Exercise directions
Take the material below and reproduce, word for word, only the lines from the line with "# 1. Introduction" through the line with "Wang< wangyanfeng@ sjtu.edu.cn>.".

Given entries

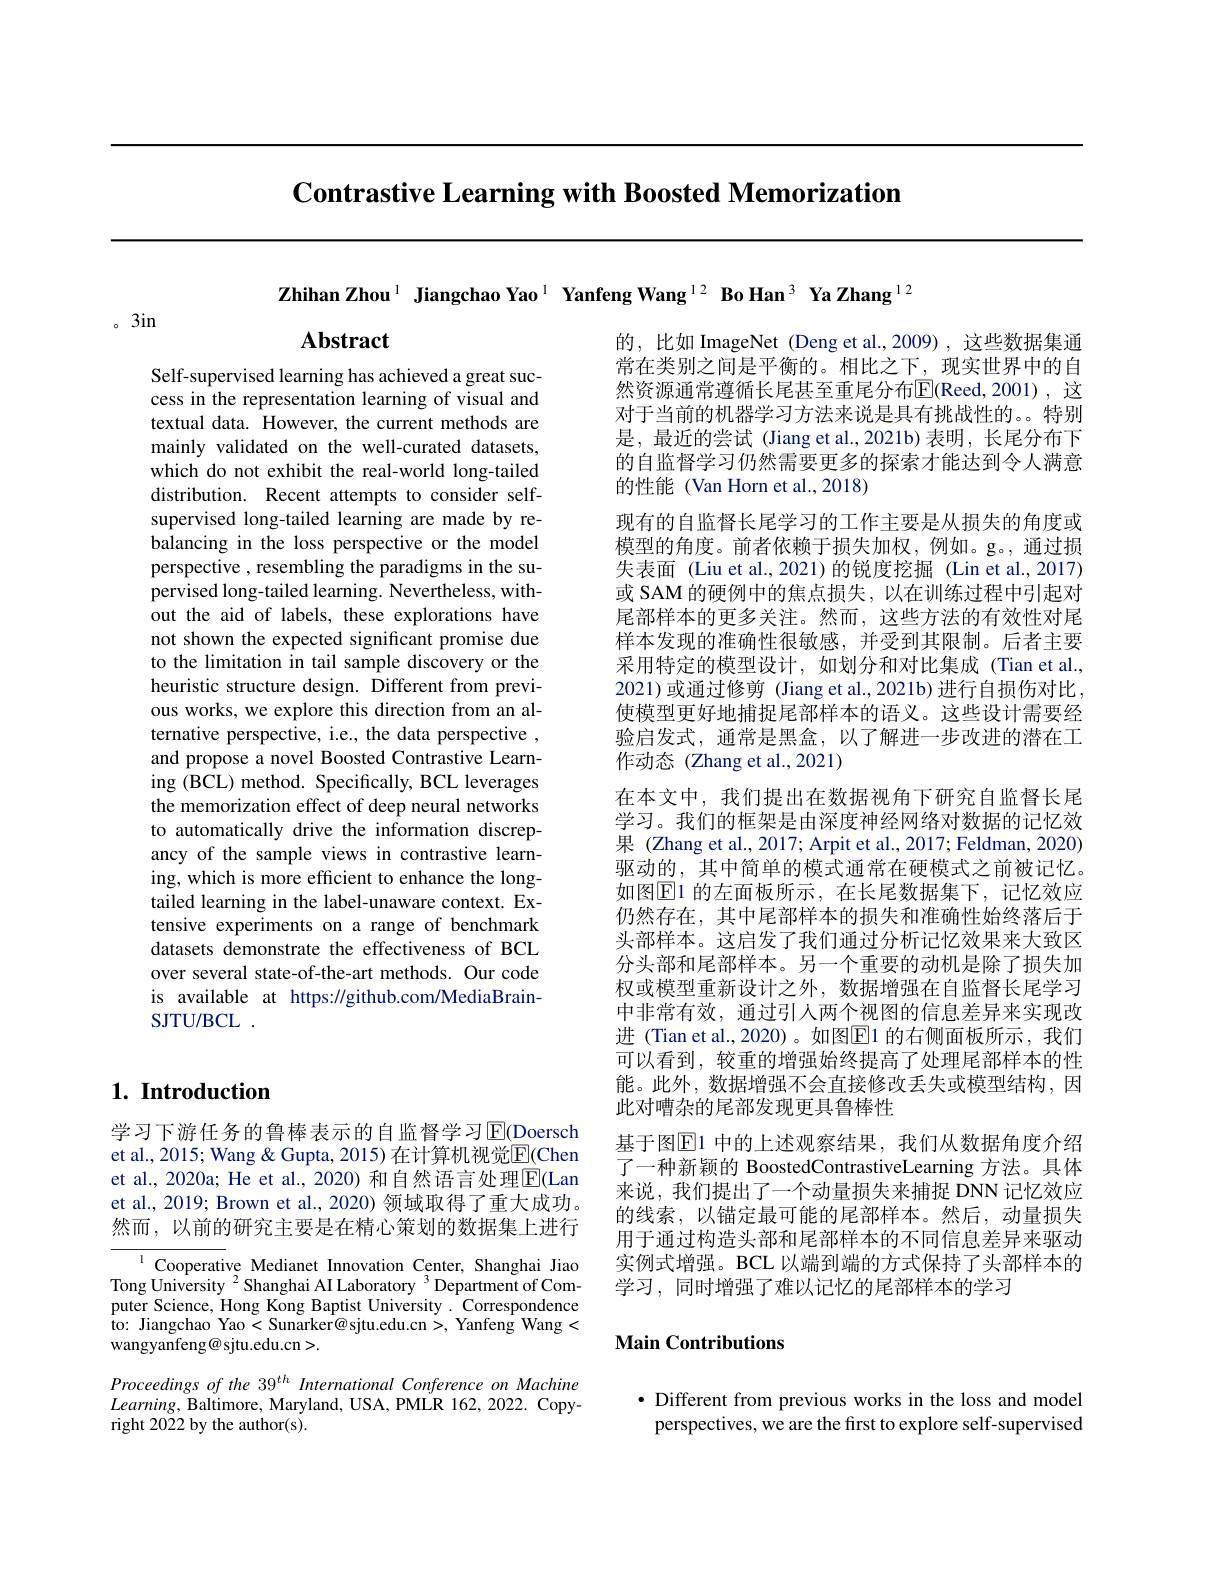
Contrastive Learning with Boosted Memorization

Zhihan Zhou$^{1}$ Jiangchao Yao$^{1}$ Yanfeng Wang$^{12}$ Bo Han$^{3}$ Ya Zhang$^{12}$

。3in

Abstract

Self-supervised learning has achieved a great success in the representation learning of visual and textual data. However, the current methods are mainly validated on the well-curated datasets, which do not exhibit the real-world long-tailed distribution. Recent attempts to consider selfsupervised long-tailed learning are made by rebalancing in the loss perspective or the model perspective , resembling the paradigms in the supervised long-tailed learning. Nevertheless, without the aid of labels, these explorations have not shown the expected significant promise due to the limitation in tail sample discovery or the heuristic structure design. Different from previous works, we explore this direction from an alternative perspective, i.e., the data perspective , and propose a novel Boosted Contrastive Learning (BCL) method. Specifically, BCL leverages the memorization effect of deep neural networks to automatically drive the information discrepancy of the sample views in contrastive learning, which is more efficient to enhance the longtailed learning in the label-unaware context. Extensive experiments on a range of benchmark datasets demonstrate the effectiveness of BCL over several state-of-the-art methods. Our code is available at https://github.com/MediaBrainSJTU/ BCL .

的，比如 ImageNet (Deng et al.,2009),这些数据集通常在类别之间是平衡的。相比之下，现实世界中的自然资源通常遵循长尾甚至重尾分布$\overline{\mathrm{E}}($Reed,2001),这对于当前的机器学习方法来说是具有挑战性的。。特别是，最近的尝试 (Jiang et al.,2021b) 表明，长尾分布下的自监督学习仍然需要更多的探索才能达到令人满意的性能(Van Horn et al.,2018)
现有的自监督长尾学习的工作主要是从损失的角度或模型的角度。前者依赖于损失加权，例如。g。,通过损失表面 (Liu et al.,2021)的锐度挖掘 (Lin et al.,2017) 或 SAM 的硬例中的焦点损失，以在训练过程中引起对尾部样本的更多关注。然而，这些方法的有效性对尾样本发现的准确性很敏感，并受到其限制。后者主要采用特定的模型设计，如划分和对比集成(Tian et al., 2021)或通过修剪 (Jiang et al.,2021b) 进行自损伤对比， 使模型更好地捕捉尾部样本的语义。这些设计需要经验启发式，通常是黑盒，以了解进一步改进的潜在工作动态(Zhang et al.,2021)
在本文中，我们提出在数据视角下研究自监督长尾学习。我们的框架是由深度神经网络对数据的记忆效果 (Zhang et al., 2017; Arpit et al., 2017; Feldman, 2020) 驱动的，其中简单的模式通常在硬模式之前被记忆。如图$\boxed{\mathrm{E}}1$ 的左面板所示，在长尾数据集下，记忆效应仍然存在，其中尾部样本的损失和准确性始终落后于头部样本。这启发了我们通过分析记忆效果来大致区分头部和尾部样本。另一个重要的动机是除了损失加权或模型重新设计之外，数据增强在自监督长尾学习中非常有效，通过引人两个视图的信息差异来实现改进 (Tian et al.,2020)。如图$\boxed{\mathrm{F}}1$ 的右侧面板所示，我们可以看到，较重的增强始终提高了处理尾部样本的性能。此外，数据增强不会直接修改丢失或模型结构，因此对嘈杂的尾部发现更具鲁棒性
基于图$\mathbb{E}$1 中的上述观察结果，我们从数据角度介绍了一种新颖的 BoostedContrastiveLearning 方法。具体来说，我们提出了一个动量损失来捕捉 DNN 记忆效应的线索，以锚定最可能的尾部样本。然后，动量损失用于通过构造头部和尾部样本的不同信息差异来驱动实例式增强。BCL 以端到端的方式保持了头部样本的学习，同时增强了难以记忆的尾部样本的学习

# 1. Introduction

学习下游任务的鲁棒表示的自监督学习$\operatorname{E}($Doersch et al., 2015; Wang & Gupta, 2015) 在计算机视觉$\overline{\mathrm{E}}($Chen et al., 2020a; He et al., 2020) 和自然语言处理$\overline{\mathrm{E}}($Lan et al., 2019; Brown et al., 2020) 领域取得了重大成功。然而，以前的研究主要是在精心策划的数据集上进行

${^{1}\text{Cooperative Medianet Innovation Center,Shanghai Jiao}}$ Tong University $^{2}$Shanghai AI Laboratory $^{3}$Department of Computer Science, Hong Kong Baptist University. Correspondence to: Jiangchao Yao<Sunarker@sjtu.edu.cn>,Yanfeng Wang< wangyanfeng@ sjtu.edu.cn>.
Proceedings of the 39$^{th}$ International Conference on Machine $Learning$, Baltimore, Maryland, USA, PMLR 162, 2022. Copyright 2022 by the author(s).

## $\mathbf{MainContributions}$

$\bullet$ Different from previous works in the loss and model perspectives, we are the first to explore self-supervised

Exercise output
# 1. Introduction

学习下游任务的鲁棒表示的自监督学习$\operatorname{E}($Doersch et al., 2015; Wang & Gupta, 2015) 在计算机视觉$\overline{\mathrm{E}}($Chen et al., 2020a; He et al., 2020) 和自然语言处理$\overline{\mathrm{E}}($Lan et al., 2019; Brown et al., 2020) 领域取得了重大成功。然而，以前的研究主要是在精心策划的数据集上进行

${^{1}\text{Cooperative Medianet Innovation Center,Shanghai Jiao}}$ Tong University $^{2}$Shanghai AI Laboratory $^{3}$Department of Computer Science, Hong Kong Baptist University. Correspondence to: Jiangchao Yao<Sunarker@sjtu.edu.cn>,Yanfeng Wang< wangyanfeng@ sjtu.edu.cn>.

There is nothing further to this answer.